# Drywall protruding pipe



## Windows on Wash (Aug 30, 2011)

Pictures are your friend here. 



That will get you a bunch more replies and suggestions.


----------



## Bowler (Apr 29, 2019)

Related photos

https://m.imgur.com/a/ShwziqP


----------



## Nealtw (Jun 22, 2017)

Bowler said:


> Related photos
> 
> https://m.imgur.com/a/ShwziqP


 Isn't that sweet. He should have gone right down behind the molding where a little drywall missing would not have bothered anyone. 

Can you get enough to hide it by channelling the back of the drywall a bit.


----------



## huesmann (Aug 18, 2011)

Put up some wainscoting?


----------



## joed (Mar 13, 2005)

No way to fix that without building out the wall.

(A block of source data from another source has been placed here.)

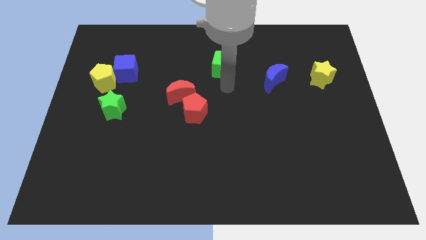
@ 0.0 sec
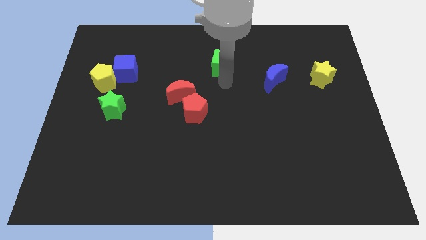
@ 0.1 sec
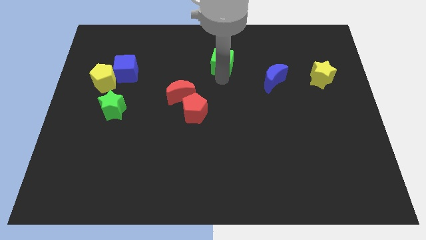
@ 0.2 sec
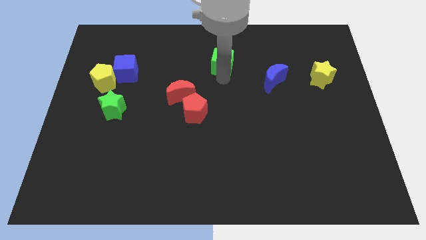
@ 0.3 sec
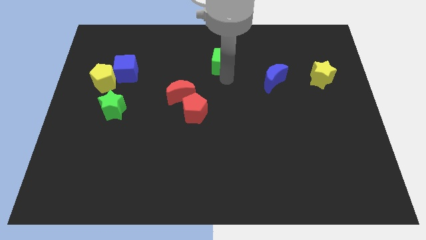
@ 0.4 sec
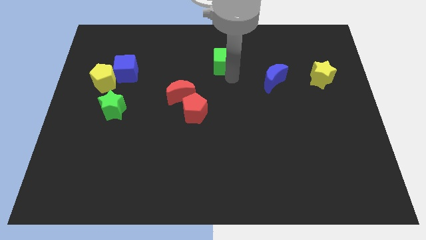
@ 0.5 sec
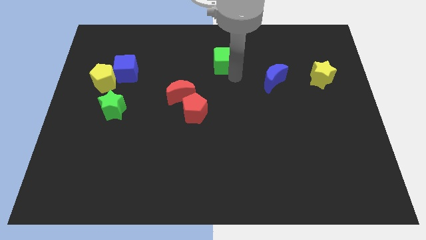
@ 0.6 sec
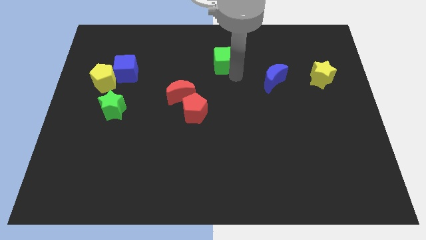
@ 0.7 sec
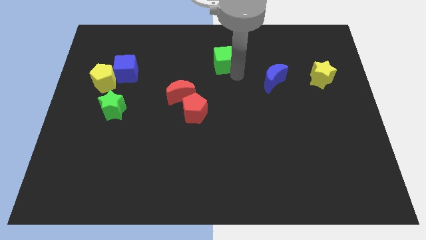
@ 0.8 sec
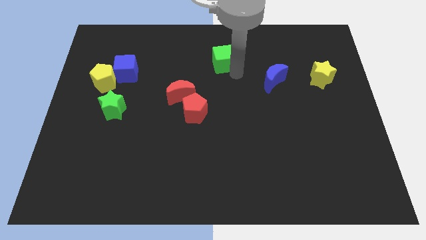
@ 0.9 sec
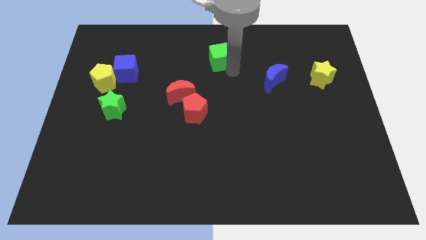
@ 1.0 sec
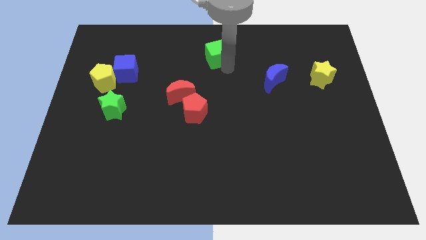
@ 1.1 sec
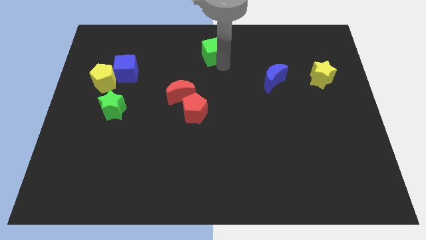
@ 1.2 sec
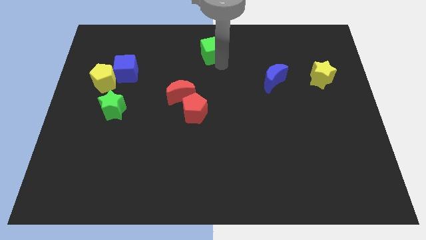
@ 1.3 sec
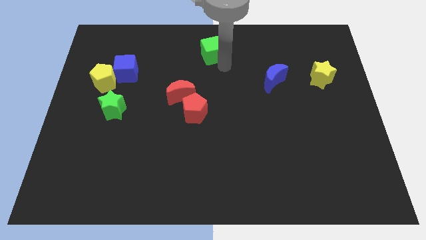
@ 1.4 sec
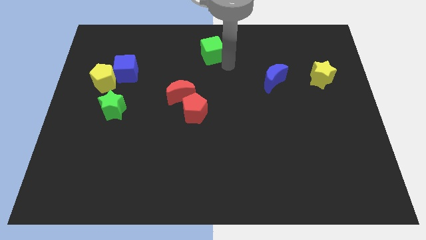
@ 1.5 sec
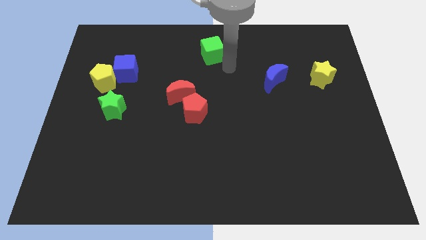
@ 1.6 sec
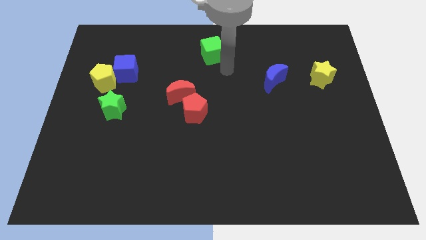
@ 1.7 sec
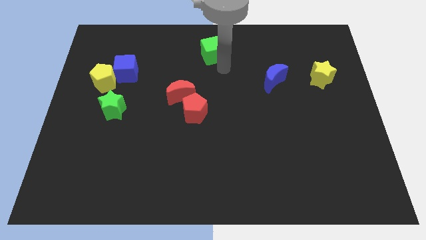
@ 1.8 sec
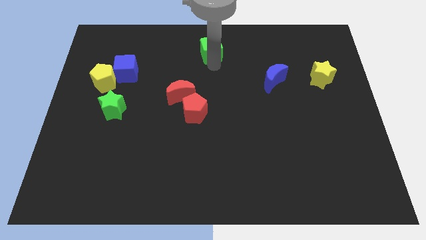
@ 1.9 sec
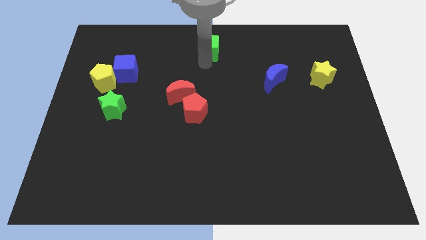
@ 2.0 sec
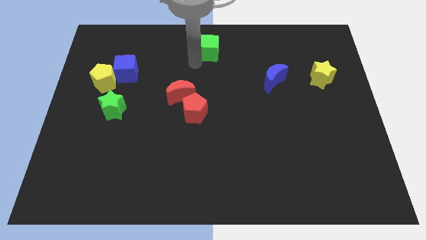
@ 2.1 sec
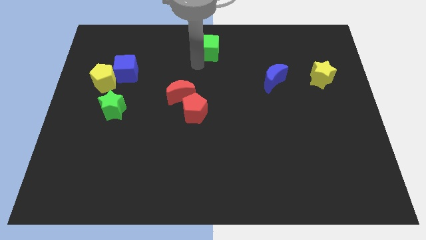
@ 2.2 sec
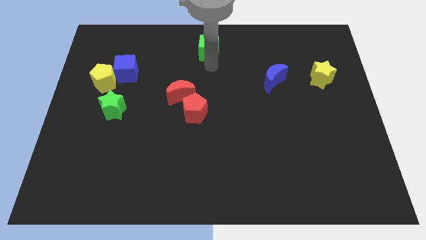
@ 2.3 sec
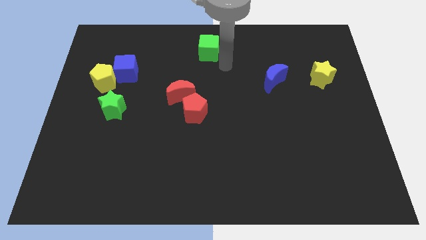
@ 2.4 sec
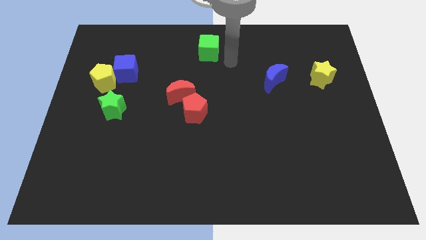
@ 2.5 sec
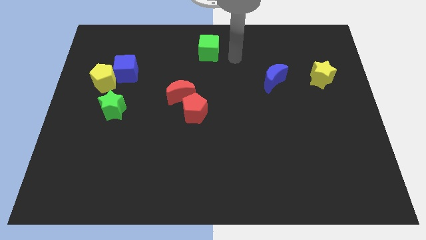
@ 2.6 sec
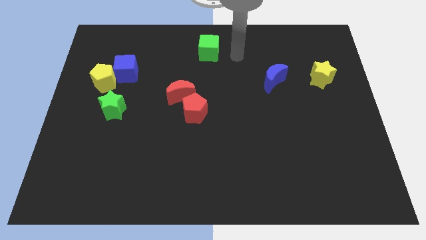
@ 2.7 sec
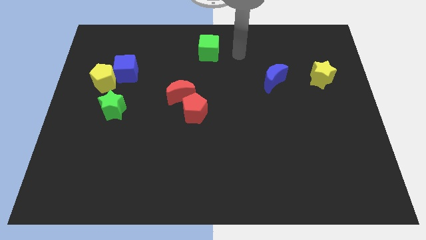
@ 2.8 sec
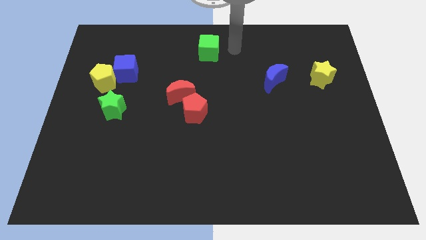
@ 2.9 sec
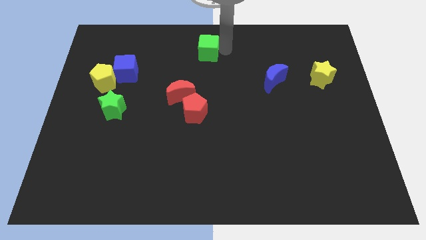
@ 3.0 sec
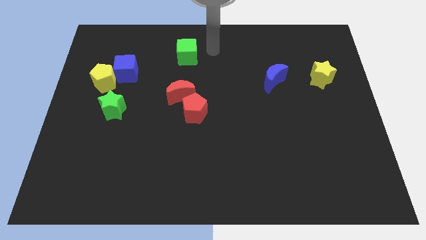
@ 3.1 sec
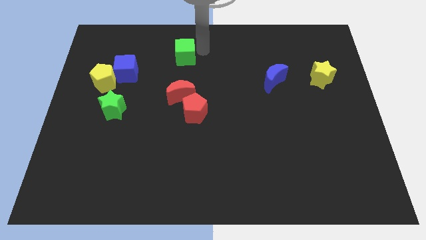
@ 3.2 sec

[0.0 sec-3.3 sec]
move the green cube above the red crescent

That is an unacceptable install in my opinion. The plumber should have found an alternate route for the pipe.


----------



## Bowler (Apr 29, 2019)

I was actually considering wainscoting for the room, if I build the drywall around the protrusion, then wainscoting to cover the hole I should be ok?


----------



## John Smith_inFL (Jun 15, 2018)

Bowler said:


> Had an UNqualified plumber install water line in the wall.
> *Is there a good way to deal with this?*


#1 = call the "plumber" back to do it correctly. (there are ways).
#2 = if it were *my* problem where calling the plumber back was
not possible, and the re-routing options were very limited, I would
get heat gun (or a bottle torch) and using something to shield the PEX 
from the heat, I would heat the white PVC fitting just enough to press the
PEX about 1/8" behind the wall so it will not touch the drywall.
then glue a piece of metal to the inside piece of drywall to act as a 
"puncture preventative" measure for the PEX hose.
because once that drywall goes on, there is no way to tell there is a
plastic hose so close behind the wall and could be punctured by
someone in the future for whatever reason.
as a "DIY Fixit Guy", right, wrong or indifferent, that is what *I* would do 
if it were my home.
if it was for a customer, I would find some way to re-route it correctly.
if you choose to build out the wall and do the wainscoting job,
I would still put a piece of metal over the hose area for protection.
Best of Luck to ya !!!

.

.


----------



## Bowler (Apr 29, 2019)

Thanks for the replies so far. I think I will go for the wainscoting approach and cover it.

Would it be advisable to cut out the shaded areas in these photos so I can attach new drywall directly to stud?

https://imgur.com/a/5qIwHfz


----------



## Mystriss (Dec 26, 2018)

You can cut those out, it'd make that particular cut easier for sure (rectangles are easy, plus shapes not as much...


Wainscotting is a decent solution. If you make it yourself you can thicken up the "frame" pieces so the "center panel" clears that PEX hose, plus add the metal protective plate, and no one will know it's "messy" there


----------



## huesmann (Aug 18, 2011)

TBH I wouldn't cut those out. I would just glue/screw the pieces of drywall that came out (or new ones) back in to maintain the same spacing between studs and wainscoting.


----------